Am I as God? In the land below, it is said, I am as Pharaoh, and thought he is
called god, he is but a dear, poor thing. But in asking for my forgiveness, you
have not, it appears, really understood the whole story we are in. I do not
scold you for that. One can very easily be in a story without understanding it…If
it is a question of pardon among us human beings, then I am the one who should
beg it of you, for you had to play the evildoers so that everything might turn
out this way…Don’t make me laugh! For a man who, contrary to all justice and
reason, uses power simply because he has it – one can only laugh at him… Sleep
in peace’” (Joseph the Provider, Volume IV, Part Seven, “Restoration,” 1491).
What is it to ask for forgiveness
of a partner, a friend, an acquaintance, a sibling, for even a stranger? What
are the odds that the perceived slight is not based on a misunderstanding. What
are the odds that the slight has not even been felt by that whom you sensed
that you have wronged. The feeling of having wronged someone and the feeling of
having been wronged is corrosive. It warps our perceptions and diverts us from
right thinking. It is like an acid which twists our gut into unpleasant
feelings and boils up bile to sear our throats. And it is all for what? The
object of your disquiet is not God, so why should you fear any unforgiving
reply. You know God will welcome your plea for forgiveness with welcoming love,
unconditionally. There is but one catch.
God’s love is unconditional, but
your ability to receive it is not. How can we stand before God with pleas of
forgiveness when we have unresolved issues with our fellows? We are cynical
about a hurt going back 50 years or more. Will we not approach God with a trace
of that same cynicism? Even worse, we are remorseful for how we left things
with those we held dear, as they slipped away with the feeling that we withheld
love from them. Forgiving is an equal opportunity grace. It is just as
incumbent on us to forgive ourselves as it is to forgive other, and to
graciously accept the forgiveness of others.

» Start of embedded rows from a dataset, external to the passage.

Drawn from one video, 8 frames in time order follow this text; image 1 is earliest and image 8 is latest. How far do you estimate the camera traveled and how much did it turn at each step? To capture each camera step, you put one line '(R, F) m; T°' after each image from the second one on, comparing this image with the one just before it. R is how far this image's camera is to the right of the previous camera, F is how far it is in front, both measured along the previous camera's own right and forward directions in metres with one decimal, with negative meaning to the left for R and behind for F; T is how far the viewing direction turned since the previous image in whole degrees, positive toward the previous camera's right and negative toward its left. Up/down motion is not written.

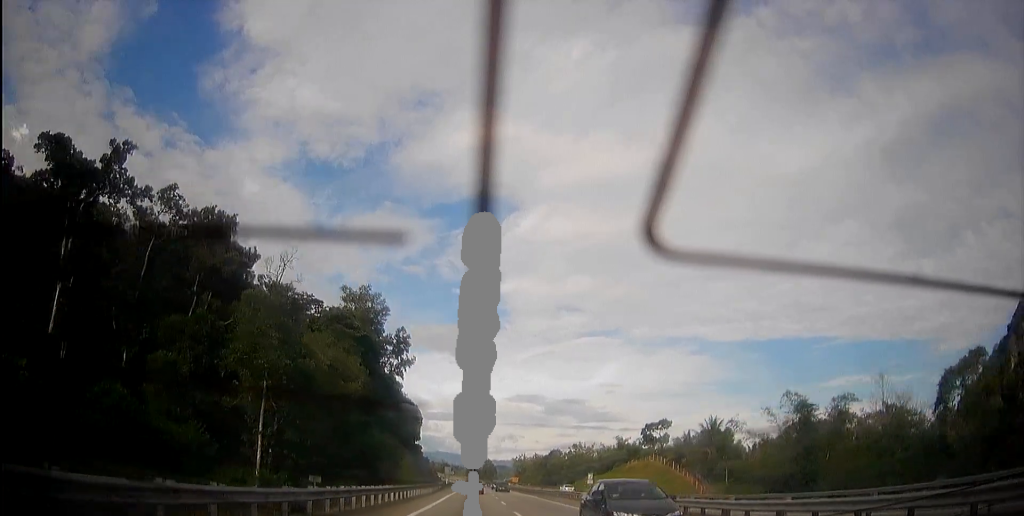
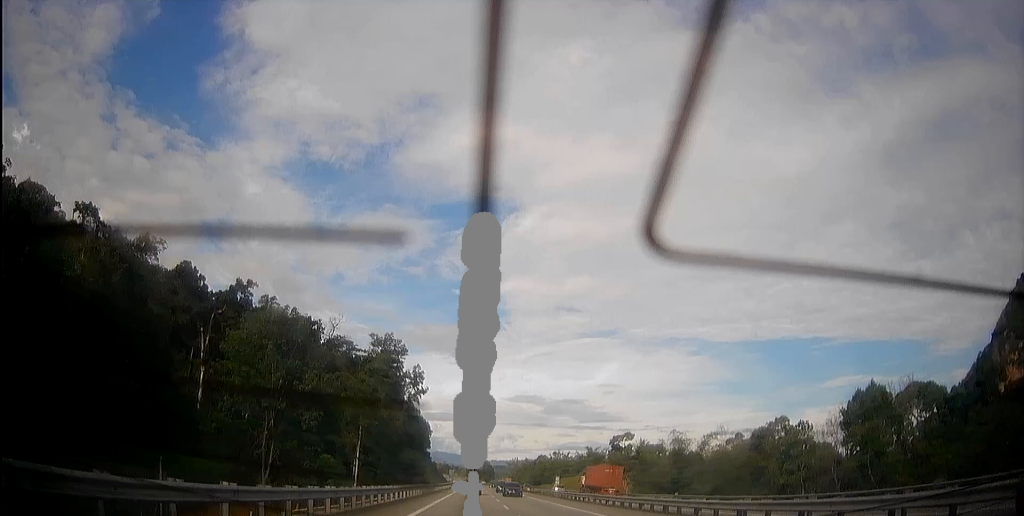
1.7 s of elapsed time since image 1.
(0.0, +44.2) m; 0°
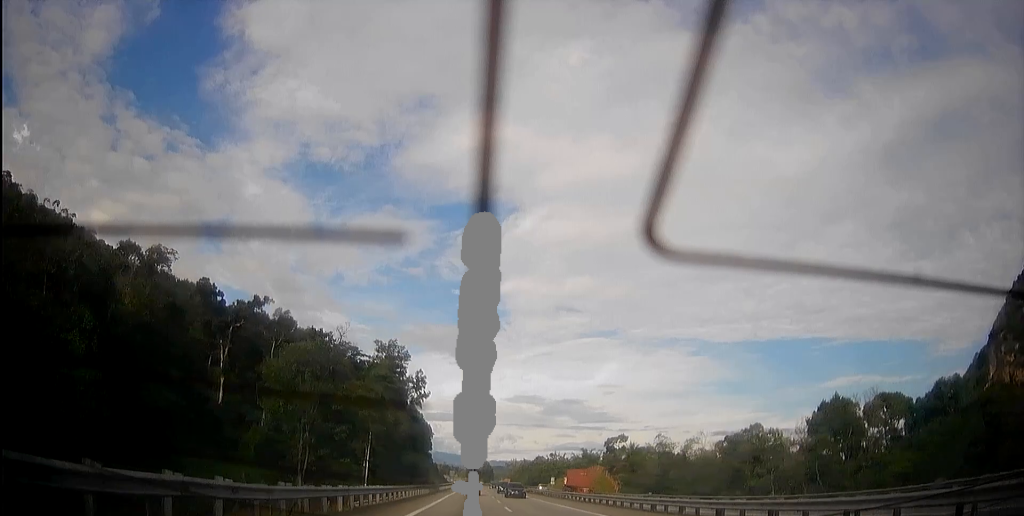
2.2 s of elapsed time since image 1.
(0.0, +11.3) m; 0°
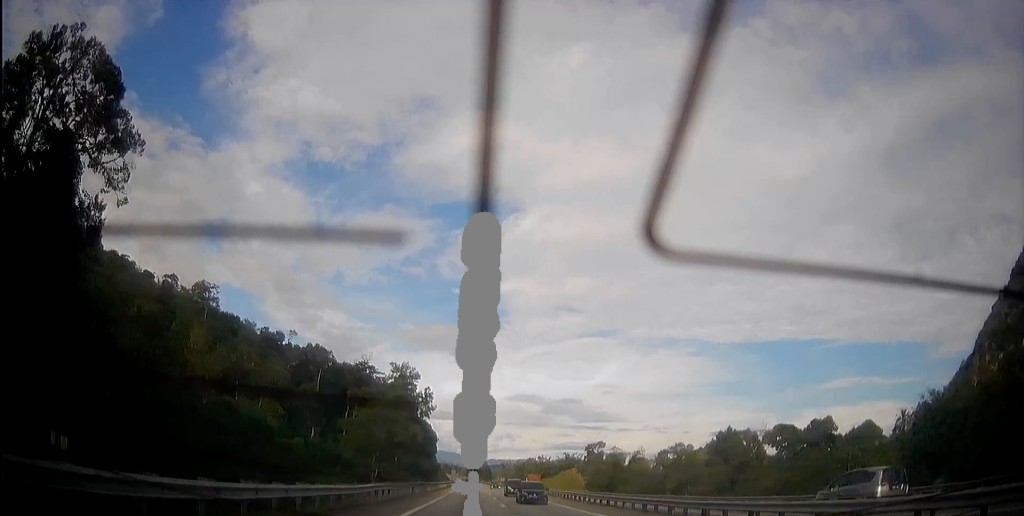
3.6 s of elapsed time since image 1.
(0.0, +38.0) m; 0°
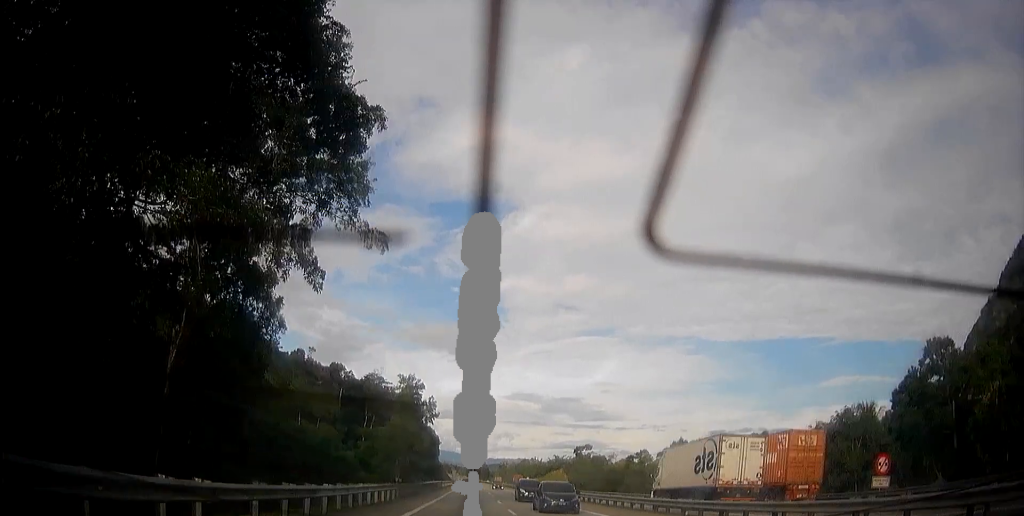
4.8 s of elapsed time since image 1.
(0.0, +28.8) m; 0°
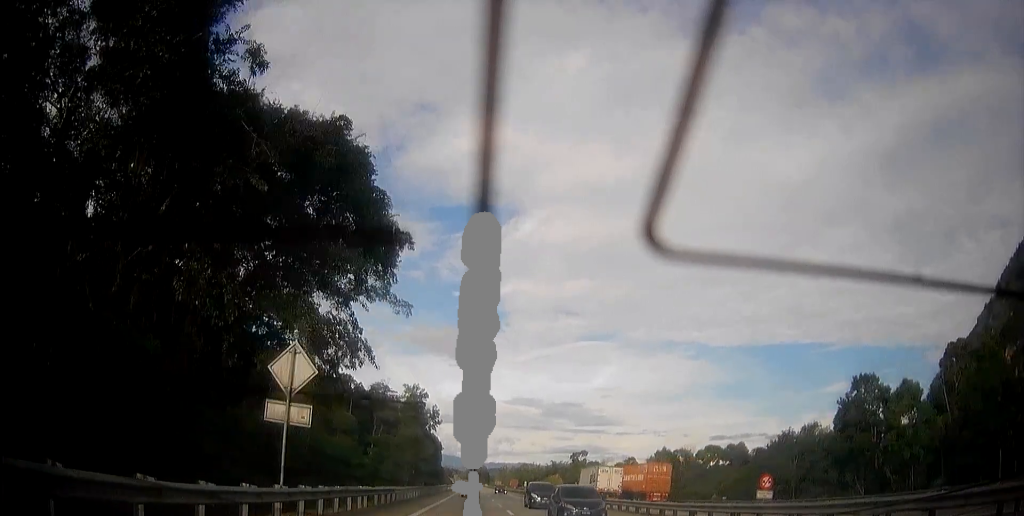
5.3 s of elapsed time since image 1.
(0.0, +13.4) m; 0°
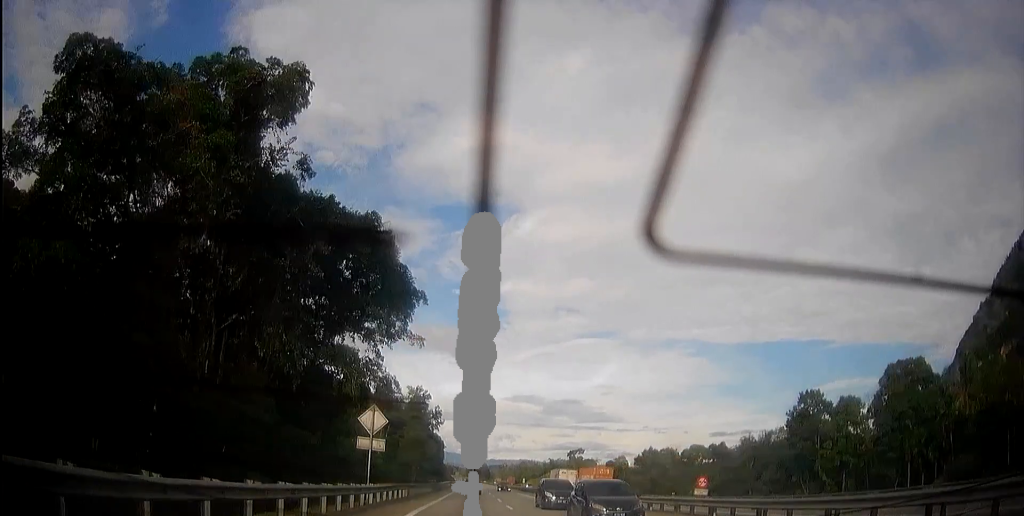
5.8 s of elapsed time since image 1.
(0.0, +14.4) m; 0°
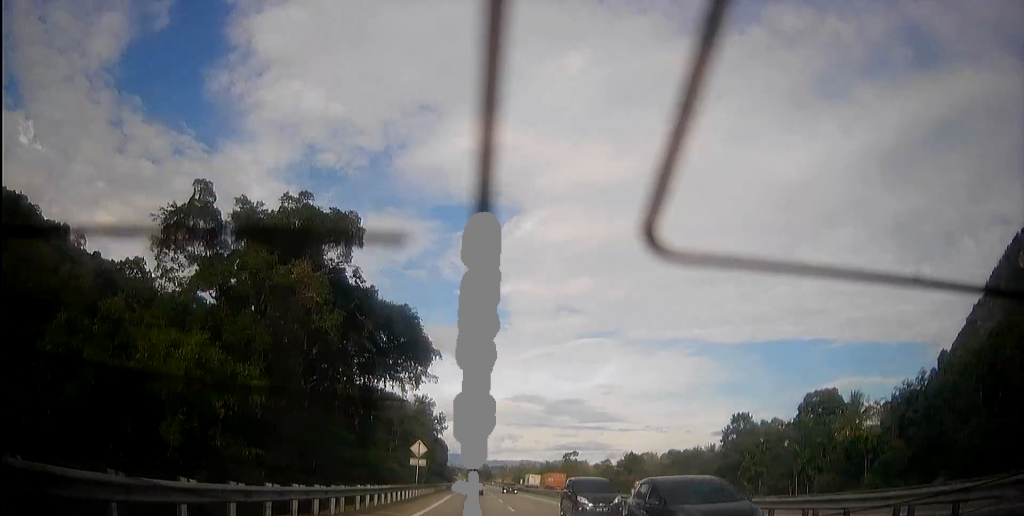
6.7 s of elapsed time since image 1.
(0.0, +22.7) m; 0°

You need to learn simplicity and
mirth from Lear and from cats. Forgive always and hold no grudges against
accidental slights. Forgiveness is that warm poultice which eases the sores of
misguided ire. Cats take the world as it
comes, entertaining ourselves with little ambitions to reach that high ledge,
or commandeer that new box. But we harbor no ill will to person or housemate,
and we will be faithful companions to our keepers and our kin.